Jakarta (ANTARA News) - Indonesia yang kuat ekonominya akan berarti juga ASEAN yang kuat, bukan hanya akan menjadi mitra dagang yang saling menguntungkan dan saling menunjang bagi Jepang, tetapi juga menjadi faktor pengimbang dalam konstelasi kekuatan di kawasan Asia, kata Prof. Ginandjar Kartasasmita saat memberi kuliah umum "Institute for Developing Economies" (IDE), di gedung kantor pusat JETRO di Tokyo.

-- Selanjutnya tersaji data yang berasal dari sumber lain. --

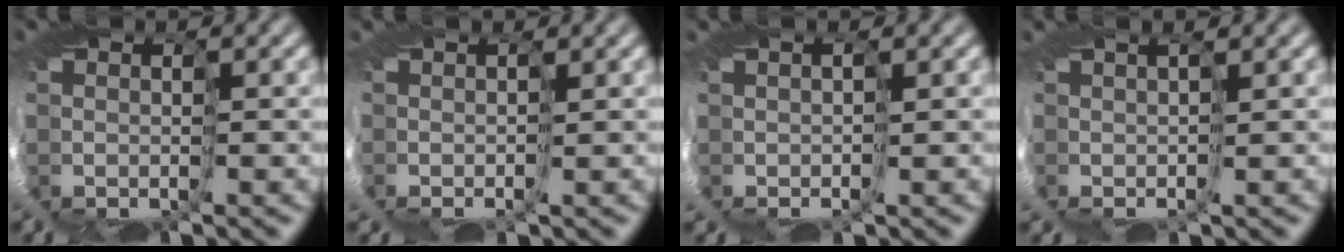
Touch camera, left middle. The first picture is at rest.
{"total": 1.3, "force": [1.1, -0.5, -0.4], "torque": [0.007, 0.010, 0.005]}
{"total": 1.4, "force": [0.5, -1.1, -0.7], "torque": [0.023, 0.015, 0.001]}
{"total": 2.5, "force": [1.1, -2.1, -0.8], "torque": [0.024, 0.018, 0.000]}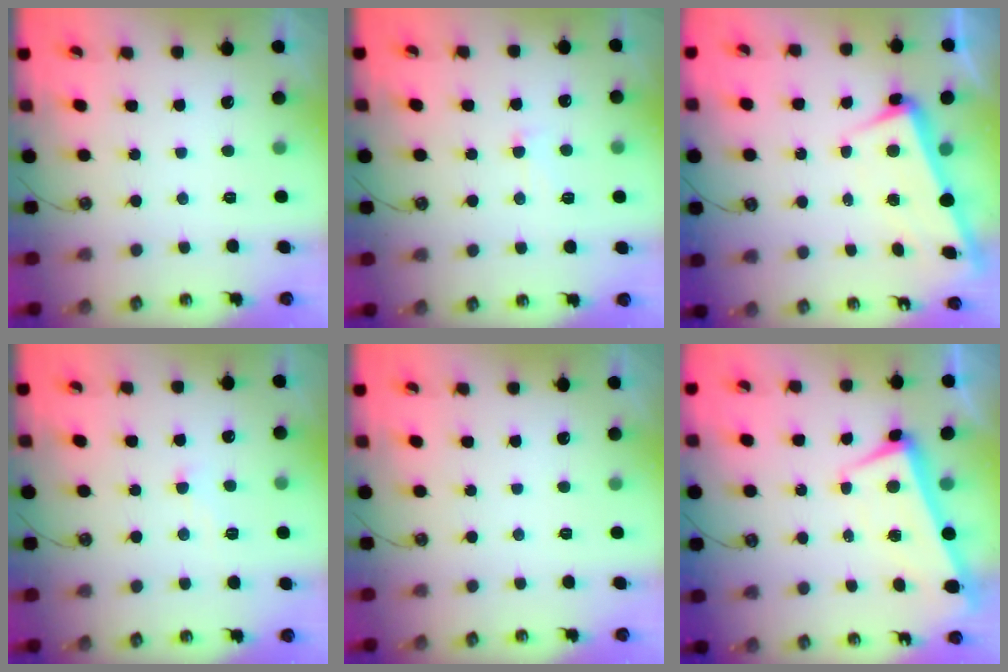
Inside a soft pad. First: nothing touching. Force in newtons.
{"total": 1.1, "press": 0.8, "slide": 0.8}
{"total": 2.9, "press": 2.8, "slide": 1.0}
{"total": 1.7, "press": 1.7, "slide": 0.2}
{"total": 0.0}
{"total": 2.2, "press": 2.1, "slide": 0.7}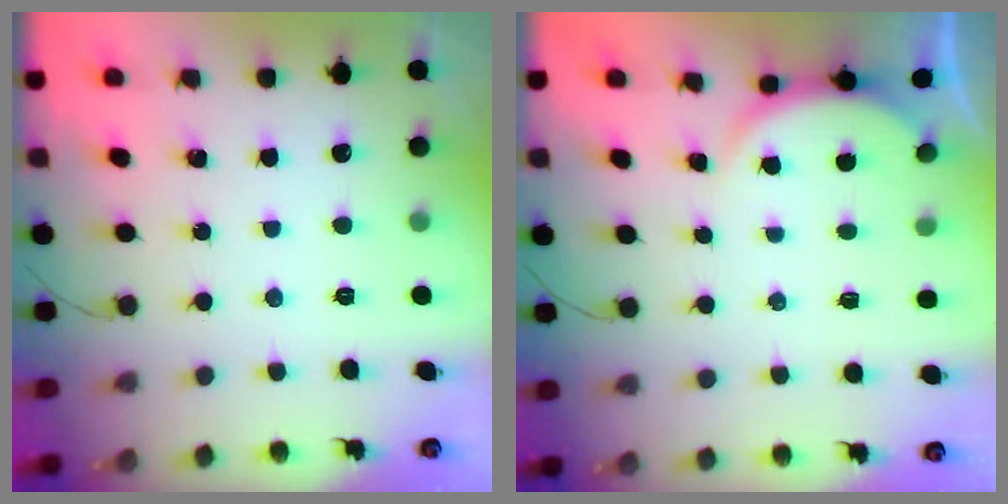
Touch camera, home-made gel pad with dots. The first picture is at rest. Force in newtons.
{"total": 2.9, "press": 2.8, "slide": 0.6}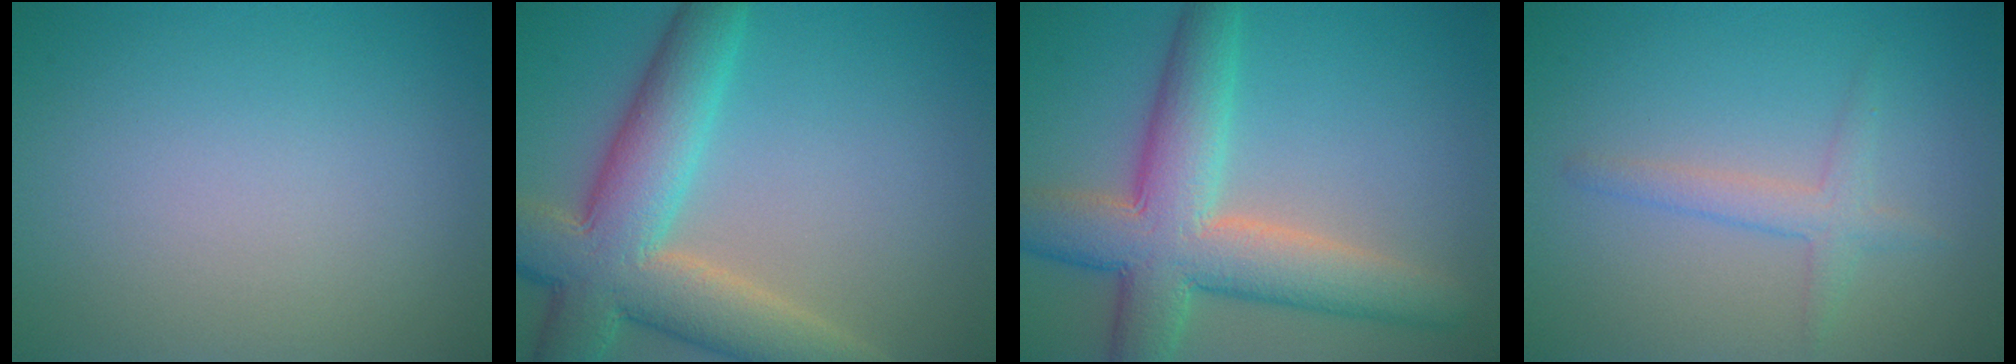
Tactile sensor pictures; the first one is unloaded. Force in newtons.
{"total": 9.4, "press": 9.4, "slide": 1.0}
{"total": 8.9, "press": 8.9, "slide": 0.5}
{"total": 2.0, "press": 2.0, "slide": 0.1}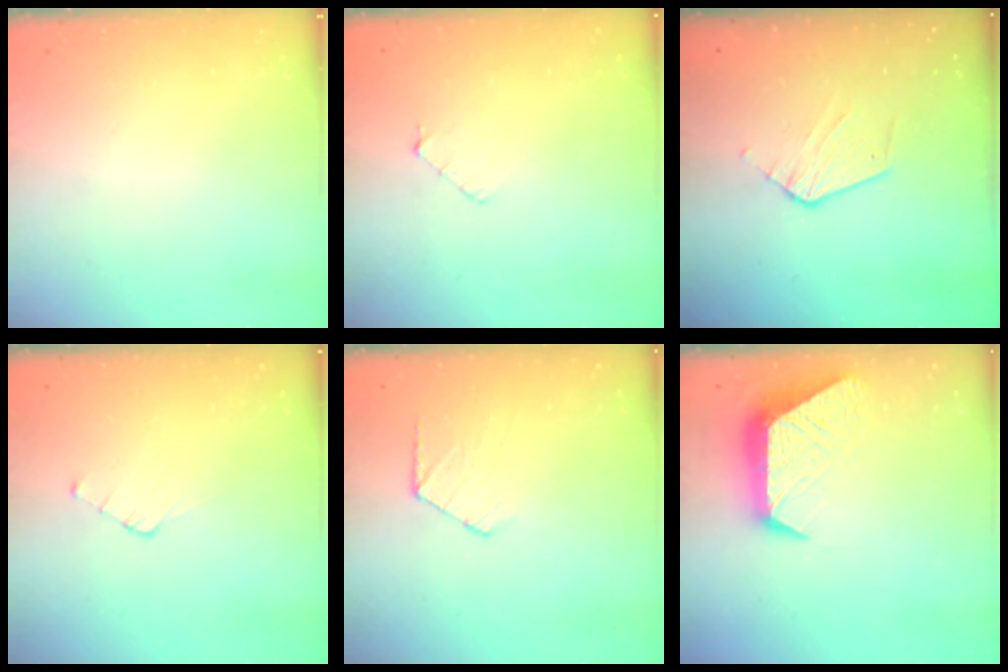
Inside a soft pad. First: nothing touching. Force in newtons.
{"total": 3.5, "press": 3.5, "slide": 0.3}
{"total": 7.1, "press": 7.1, "slide": 0.4}
{"total": 2.5, "press": 2.5, "slide": 0.3}
{"total": 5.2, "press": 5.2, "slide": 0.5}
{"total": 11.7, "press": 11.7, "slide": 0.9}

Indonesia adalah negara terbesar di ASEAN dan mewakili ASEAN di G-20, dan Jepang diharapkan dapat membantu penguatan ekonomi Indonesia melalui peningkatan perdagangan non-migas, investasi dan dukungan modal dan teknologi, kata Prof. Ginandjar dalam siaran persnya yang diterima ANTARA di Jakarta, Selasa.

Bekerja sama dengan "Japan-Indonesia Friendship Association" (Japinda), IDE mengundang Prof. Ginandjar untuk memberi kuliah umum mengenai hubungan Indonesia-Jepang dalam konteks bilateral, regional dan multilateral. Acara tersebut dipandu oleh Prof. Takeshi Shiraisi dari "Graduate Institute of Policy Studies" (GRIPS).

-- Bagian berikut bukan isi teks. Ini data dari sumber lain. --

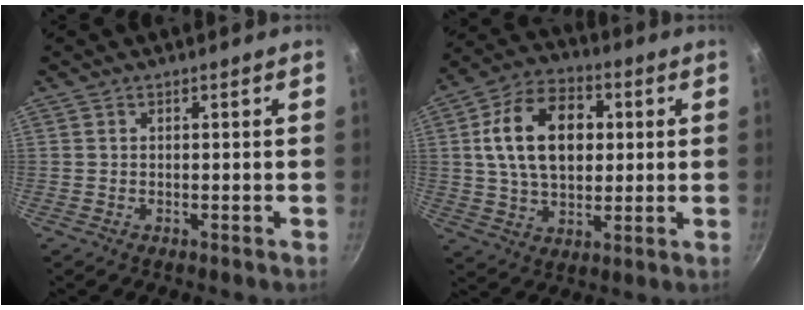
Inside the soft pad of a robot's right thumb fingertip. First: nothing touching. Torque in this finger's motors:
{"motor_torque": [-0.56, 1.41, 1.58, -0.19, 0.44]}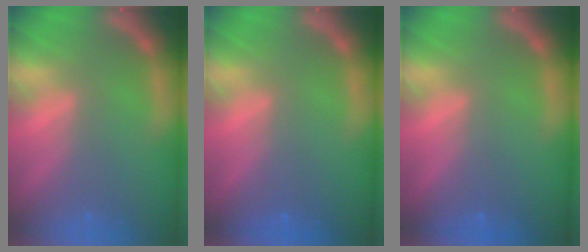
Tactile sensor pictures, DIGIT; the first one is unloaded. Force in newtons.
{"total": 0.0}
{"total": 0.0}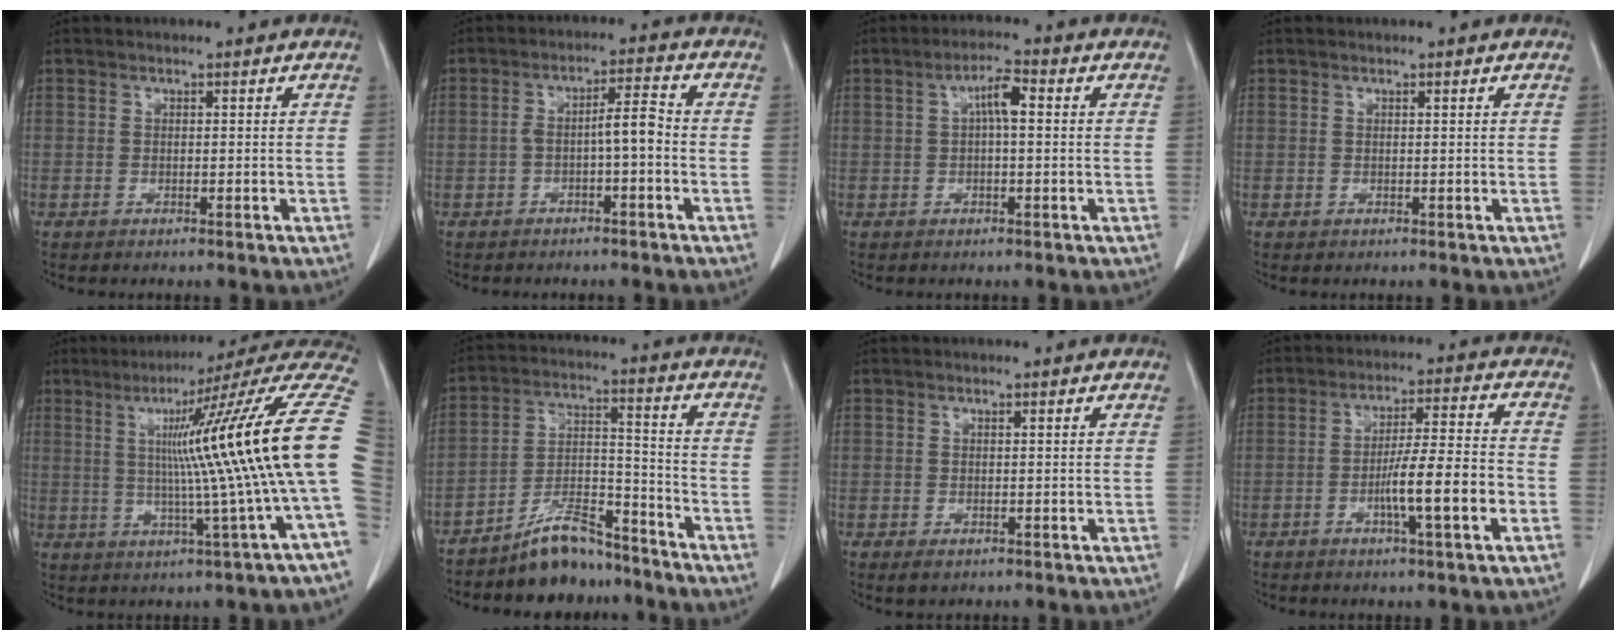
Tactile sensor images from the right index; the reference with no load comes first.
{"total": 4.6, "force": [-1.1, 0.7, 4.3], "torque": [-0.072, 0.019, -0.015]}
{"total": 3.9, "force": [0.6, 0.8, 3.8], "torque": [-0.067, 0.011, 0.007]}
{"total": 0.0}
{"total": 21.4, "force": [2.0, -2.6, 21.1], "torque": [-0.226, 0.028, 0.018]}
{"total": 9.3, "force": [-8.1, 2.1, 4.0], "torque": [-0.080, 0.011, -0.146]}
{"total": 1.1, "force": [-0.2, 0.7, 0.8], "torque": [-0.009, -0.001, 0.001]}
{"total": 9.9, "force": [-3.3, 0.2, 9.4], "torque": [-0.155, 0.004, -0.053]}

Baik IDE maupun GRIPS adalah lembaga "think tank" pemerintah Jepang. GRIPS juga menyelenggarakan pendidikan pasca sarjana bagi pejabat-pejabat muda dari berbagai negara di dunia, sama seperti Kennedy School of Government dari Harvard University.

Lebih jauh Ginandjar membahas hubungan tersebut dari perspektif ekonomi, politik dan budaya, dan ia menunjukkan pentingnya Indonesia bagi Jepang, dan pentingnya Jepang bagi Indonesia.

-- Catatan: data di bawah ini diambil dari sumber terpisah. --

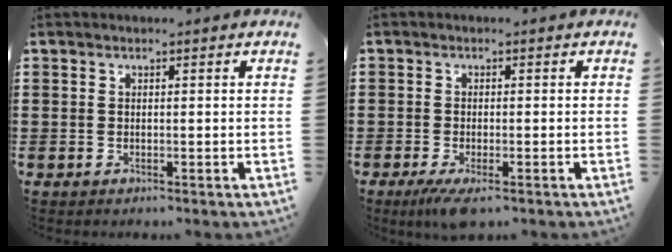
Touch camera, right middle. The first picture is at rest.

Dalam konteks regional, katanya, ASEAN merupakan mitra yang penting bagi Jepang. Dalam jangka panjang, kerja sama ASEAN-Jepang dapat menjadi jangkar yang kokoh bagi kestabilan dan perdamaian di kawasan ini.

Secara khusus Jepang diharapkan dapat membantu percepatan pembangunan infrastruktur yang sekarang merupakan "bottleneck" bagi pertumbuhan ekonomi Indonesia yang lebih cepat.

Ginandjar juga menekankan pentingnya Jepang membuka pintu lebih luas bagi mahasiswa-mahasiswa Indonesia untuk belajar di Jepang, dan bagi pekerja-pekerja Indonesia di perusahaan Jepang, termasuk juru rawat.

Ia mengharapkan "big bang" pemberian beasiswa, bukan hanya belasan atau puluhan tapi ratusan bahkan ribuan, dan bukan hanya untuk mahasiswa tingkat S2 dan S3, tetapi juga tingkat sarjana.

"Sekarang sebagian besar mahasiswa asing yang belajar di Jepang berasal dari China dan Korea," katanya.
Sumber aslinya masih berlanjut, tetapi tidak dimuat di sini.